PROBLEM STATEMENT -> Beginning with the line that contains "#921=CARTESIAN_POINT('',(0.,0.,-1.567));" in the material below, print each line exactly until the line that contains "#955=CARTESIAN_POINT('',(0.,-0.579,1.002));" has been printed, then stop.

[[ RECORD EXTRACTS open ]]

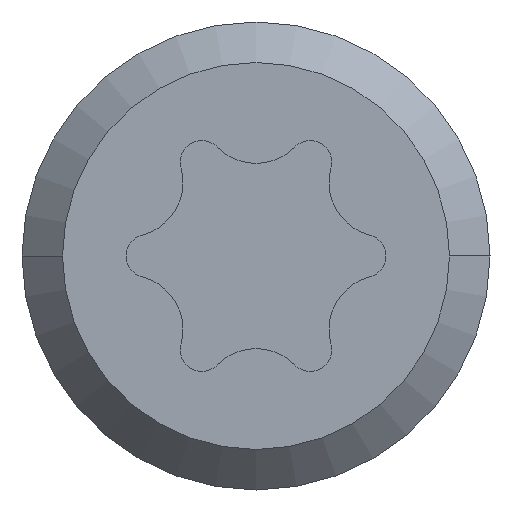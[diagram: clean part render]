
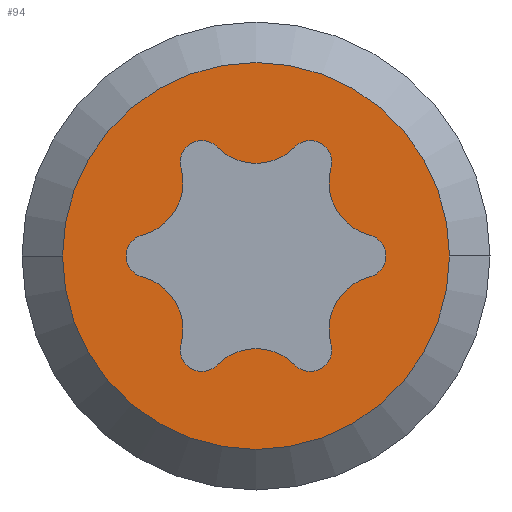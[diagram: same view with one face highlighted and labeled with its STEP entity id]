
A CAD part, left-side view. The second image highlights one B-rep face of the part: STEP entity #94.
In plain terms, the highlighted planar face has unit normal (-1, 0, 0).
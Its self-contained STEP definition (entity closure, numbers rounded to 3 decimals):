
#94=ADVANCED_FACE('',(#157,#158),#159,.T.);
#157=FACE_BOUND('',#223,.T.);
#158=FACE_OUTER_BOUND('',#224,.T.);
#159=PLANE('',#225);
#223=EDGE_LOOP('',(#445,#446,#447,#448,#449,#450,#451,#452,#453,#454,#455,#456,#457,#458,#459,#460,#461,#462));
#224=EDGE_LOOP('',(#463,#464));
#225=AXIS2_PLACEMENT_3D('',#465,#466,#467);
#445=ORIENTED_EDGE('',*,*,#516,.T.);
#446=ORIENTED_EDGE('',*,*,#545,.T.);
#447=ORIENTED_EDGE('',*,*,#542,.T.);
#448=ORIENTED_EDGE('',*,*,#493,.T.);
#449=ORIENTED_EDGE('',*,*,#540,.T.);
#450=ORIENTED_EDGE('',*,*,#536,.T.);
#451=ORIENTED_EDGE('',*,*,#499,.T.);
#452=ORIENTED_EDGE('',*,*,#501,.T.);
#453=ORIENTED_EDGE('',*,*,#535,.T.);
#454=ORIENTED_EDGE('',*,*,#532,.T.);
#455=ORIENTED_EDGE('',*,*,#529,.T.);
#456=ORIENTED_EDGE('',*,*,#526,.T.);
#457=ORIENTED_EDGE('',*,*,#522,.T.);
#458=ORIENTED_EDGE('',*,*,#506,.T.);
#459=ORIENTED_EDGE('',*,*,#508,.T.);
#460=ORIENTED_EDGE('',*,*,#521,.T.);
#461=ORIENTED_EDGE('',*,*,#517,.T.);
#462=ORIENTED_EDGE('',*,*,#513,.T.);
#463=ORIENTED_EDGE('',*,*,#486,.F.);
#464=ORIENTED_EDGE('',*,*,#549,.F.);
#465=CARTESIAN_POINT('',(0.0,1.034,0.0));
#466=DIRECTION('',(-1.0,-0.0,0.0));
#467=DIRECTION('',(0.0,-1.0,-0.0));
#486=EDGE_CURVE('',#567,#569,#570,.T.);
#493=EDGE_CURVE('',#583,#580,#584,.T.);
#499=EDGE_CURVE('',#589,#593,#595,.T.);
#501=EDGE_CURVE('',#593,#596,#599,.T.);
#506=EDGE_CURVE('',#602,#606,#608,.T.);
#508=EDGE_CURVE('',#606,#609,#612,.T.);
#513=EDGE_CURVE('',#615,#619,#621,.T.);
#516=EDGE_CURVE('',#619,#624,#626,.T.);
#517=EDGE_CURVE('',#627,#615,#628,.T.);
#521=EDGE_CURVE('',#609,#627,#633,.T.);
#522=EDGE_CURVE('',#634,#602,#635,.T.);
#526=EDGE_CURVE('',#641,#634,#642,.T.);
#529=EDGE_CURVE('',#646,#641,#647,.T.);
#532=EDGE_CURVE('',#651,#646,#652,.T.);
#535=EDGE_CURVE('',#596,#651,#655,.T.);
#536=EDGE_CURVE('',#656,#589,#657,.T.);
#540=EDGE_CURVE('',#580,#656,#662,.T.);
#542=EDGE_CURVE('',#665,#583,#666,.T.);
#545=EDGE_CURVE('',#624,#665,#669,.T.);
#549=EDGE_CURVE('',#569,#567,#673,.T.);
#567=VERTEX_POINT('',#697);
#569=VERTEX_POINT('',#700);
#570=CIRCLE('',#701,2.067);
#580=VERTEX_POINT('',#714);
#583=VERTEX_POINT('',#718);
#584=CIRCLE('',#719,0.231);
#589=VERTEX_POINT('',#725);
#593=VERTEX_POINT('',#730);
#595=CIRCLE('',#733,0.578);
#596=VERTEX_POINT('',#734);
#599=CIRCLE('',#738,0.231);
#602=VERTEX_POINT('',#741);
#606=VERTEX_POINT('',#746);
#608=CIRCLE('',#749,0.231);
#609=VERTEX_POINT('',#750);
#612=CIRCLE('',#754,0.578);
#615=VERTEX_POINT('',#757);
#619=VERTEX_POINT('',#762);
#621=CIRCLE('',#765,0.231);
#624=VERTEX_POINT('',#768);
#626=CIRCLE('',#771,0.578);
#627=VERTEX_POINT('',#772);
#628=CIRCLE('',#773,0.231);
#633=CIRCLE('',#779,0.578);
#634=VERTEX_POINT('',#780);
#635=CIRCLE('',#781,0.231);
#641=VERTEX_POINT('',#788);
#642=CIRCLE('',#789,0.578);
#646=VERTEX_POINT('',#794);
#647=CIRCLE('',#795,0.231);
#651=VERTEX_POINT('',#800);
#652=CIRCLE('',#801,0.578);
#655=CIRCLE('',#805,0.231);
#656=VERTEX_POINT('',#806);
#657=CIRCLE('',#807,0.578);
#662=CIRCLE('',#813,0.231);
#665=VERTEX_POINT('',#816);
#666=CIRCLE('',#817,0.578);
#669=CIRCLE('',#821,0.231);
#673=CIRCLE('',#825,2.067);
#697=CARTESIAN_POINT('',(0.0,2.067,0.0));
#700=CARTESIAN_POINT('',(0.0,-2.067,0.));
#701=AXIS2_PLACEMENT_3D('',#846,#847,#848);
#714=CARTESIAN_POINT('',(0.,0.579,1.233));
#718=CARTESIAN_POINT('',(0.,0.801,0.94));
#719=AXIS2_PLACEMENT_3D('',#859,#860,#861);
#725=CARTESIAN_POINT('',(0.,0.,0.99));
#730=CARTESIAN_POINT('',(0.,-0.413,1.163));
#733=AXIS2_PLACEMENT_3D('',#871,#872,#873);
#734=CARTESIAN_POINT('',(0.,-0.579,1.233));
#738=AXIS2_PLACEMENT_3D('',#875,#876,#877);
#741=CARTESIAN_POINT('',(0.,-0.579,-1.233));
#746=CARTESIAN_POINT('',(0.,-0.413,-1.163));
#749=AXIS2_PLACEMENT_3D('',#886,#887,#888);
#750=CARTESIAN_POINT('',(0.,0.,-0.989));
#754=AXIS2_PLACEMENT_3D('',#890,#891,#892);
#757=CARTESIAN_POINT('',(0.,0.578,-1.233));
#762=CARTESIAN_POINT('',(0.,0.801,-0.94));
#765=AXIS2_PLACEMENT_3D('',#901,#902,#903);
#768=CARTESIAN_POINT('',(0.,1.214,-0.224));
#771=AXIS2_PLACEMENT_3D('',#908,#909,#910);
#772=CARTESIAN_POINT('',(0.,0.413,-1.163));
#773=AXIS2_PLACEMENT_3D('',#911,#912,#913);
#779=AXIS2_PLACEMENT_3D('',#921,#922,#923);
#780=CARTESIAN_POINT('',(0.,-0.801,-0.94));
#781=AXIS2_PLACEMENT_3D('',#924,#925,#926);
#788=CARTESIAN_POINT('',(0.,-1.214,-0.224));
#789=AXIS2_PLACEMENT_3D('',#934,#935,#936);
#794=CARTESIAN_POINT('',(0.,-1.214,0.224));
#795=AXIS2_PLACEMENT_3D('',#941,#942,#943);
#800=CARTESIAN_POINT('',(0.,-0.801,0.94));
#801=AXIS2_PLACEMENT_3D('',#948,#949,#950);
#805=AXIS2_PLACEMENT_3D('',#955,#956,#957);
#806=CARTESIAN_POINT('',(0.,0.413,1.163));
#807=AXIS2_PLACEMENT_3D('',#958,#959,#960);
#813=AXIS2_PLACEMENT_3D('',#968,#969,#970);
#816=CARTESIAN_POINT('',(0.,1.214,0.224));
#817=AXIS2_PLACEMENT_3D('',#974,#975,#976);
#821=AXIS2_PLACEMENT_3D('',#981,#982,#983);
#825=AXIS2_PLACEMENT_3D('',#993,#994,#995);
#846=CARTESIAN_POINT('',(0.0,0.0,0.0));
#847=DIRECTION('',(1.0,0.0,0.0));
#848=DIRECTION('',(0.0,1.0,0.0));
#859=CARTESIAN_POINT('',(0.,0.579,1.002));
#860=DIRECTION('',(1.0,-0.0,0.0));
#861=DIRECTION('',(0.0,0.0,-1.0));
#871=CARTESIAN_POINT('',(0.,0.,1.567));
#872=DIRECTION('',(-1.0,0.0,0.0));
#873=DIRECTION('',(0.0,0.0,-1.0));
#875=CARTESIAN_POINT('',(0.,-0.579,1.002));
#876=DIRECTION('',(1.0,-0.0,0.0));
#877=DIRECTION('',(0.0,0.0,-1.0));
#886=CARTESIAN_POINT('',(0.,-0.579,-1.002));
#887=DIRECTION('',(1.0,-0.0,0.0));
#888=DIRECTION('',(0.0,0.0,-1.0));
#890=CARTESIAN_POINT('',(0.,0.,-1.567));
#891=DIRECTION('',(-1.0,0.0,0.0));
#892=DIRECTION('',(0.0,0.0,-1.0));
#901=CARTESIAN_POINT('',(0.,0.578,-1.002));
#902=DIRECTION('',(1.0,-0.0,0.0));
#903=DIRECTION('',(0.0,0.0,-1.0));
#908=CARTESIAN_POINT('',(0.,1.357,-0.784));
#909=DIRECTION('',(-1.0,0.0,0.0));
#910=DIRECTION('',(0.0,0.0,-1.0));
#911=CARTESIAN_POINT('',(0.,0.578,-1.002));
#912=DIRECTION('',(1.0,-0.0,0.0));
#913=DIRECTION('',(0.0,0.0,-1.0));
#921=CARTESIAN_POINT('',(0.,0.,-1.567));
#922=DIRECTION('',(-1.0,0.0,0.0));
#923=DIRECTION('',(0.0,0.0,-1.0));
#924=CARTESIAN_POINT('',(0.,-0.579,-1.002));
#925=DIRECTION('',(1.0,-0.0,0.0));
#926=DIRECTION('',(0.0,0.0,-1.0));
#934=CARTESIAN_POINT('',(0.,-1.357,-0.784));
#935=DIRECTION('',(-1.0,0.0,0.0));
#936=DIRECTION('',(0.0,0.0,-1.0));
#941=CARTESIAN_POINT('',(0.0,-1.157,0.0));
#942=DIRECTION('',(1.0,-0.0,0.0));
#943=DIRECTION('',(0.0,0.0,-1.0));
#948=CARTESIAN_POINT('',(0.,-1.357,0.784));
#949=DIRECTION('',(-1.0,0.0,0.0));
#950=DIRECTION('',(0.0,0.0,-1.0));
#955=CARTESIAN_POINT('',(0.,-0.579,1.002));
#956=DIRECTION('',(1.0,-0.0,0.0));
#957=DIRECTION('',(0.0,0.0,-1.0));
#958=CARTESIAN_POINT('',(0.,0.,1.567));
#959=DIRECTION('',(-1.0,0.0,0.0));
#960=DIRECTION('',(0.0,0.0,-1.0));
#968=CARTESIAN_POINT('',(0.,0.579,1.002));
#969=DIRECTION('',(1.0,-0.0,0.0));
#970=DIRECTION('',(0.0,0.0,-1.0));
#974=CARTESIAN_POINT('',(0.,1.357,0.784));
#975=DIRECTION('',(-1.0,0.0,0.0));
#976=DIRECTION('',(0.0,0.0,-1.0));
#981=CARTESIAN_POINT('',(0.0,1.157,0.0));
#982=DIRECTION('',(1.0,-0.0,0.0));
#983=DIRECTION('',(0.0,0.0,-1.0));
#993=CARTESIAN_POINT('',(0.0,0.0,0.0));
#994=DIRECTION('',(1.0,0.0,0.0));
#995=DIRECTION('',(0.0,1.0,0.0));

[[ RECORD EXTRACTS closed ]]

SOLUTION TO THE EXERCISE ->
#921=CARTESIAN_POINT('',(0.,0.,-1.567));
#922=DIRECTION('',(-1.0,0.0,0.0));
#923=DIRECTION('',(0.0,0.0,-1.0));
#924=CARTESIAN_POINT('',(0.,-0.579,-1.002));
#925=DIRECTION('',(1.0,-0.0,0.0));
#926=DIRECTION('',(0.0,0.0,-1.0));
#934=CARTESIAN_POINT('',(0.,-1.357,-0.784));
#935=DIRECTION('',(-1.0,0.0,0.0));
#936=DIRECTION('',(0.0,0.0,-1.0));
#941=CARTESIAN_POINT('',(0.0,-1.157,0.0));
#942=DIRECTION('',(1.0,-0.0,0.0));
#943=DIRECTION('',(0.0,0.0,-1.0));
#948=CARTESIAN_POINT('',(0.,-1.357,0.784));
#949=DIRECTION('',(-1.0,0.0,0.0));
#950=DIRECTION('',(0.0,0.0,-1.0));
#955=CARTESIAN_POINT('',(0.,-0.579,1.002));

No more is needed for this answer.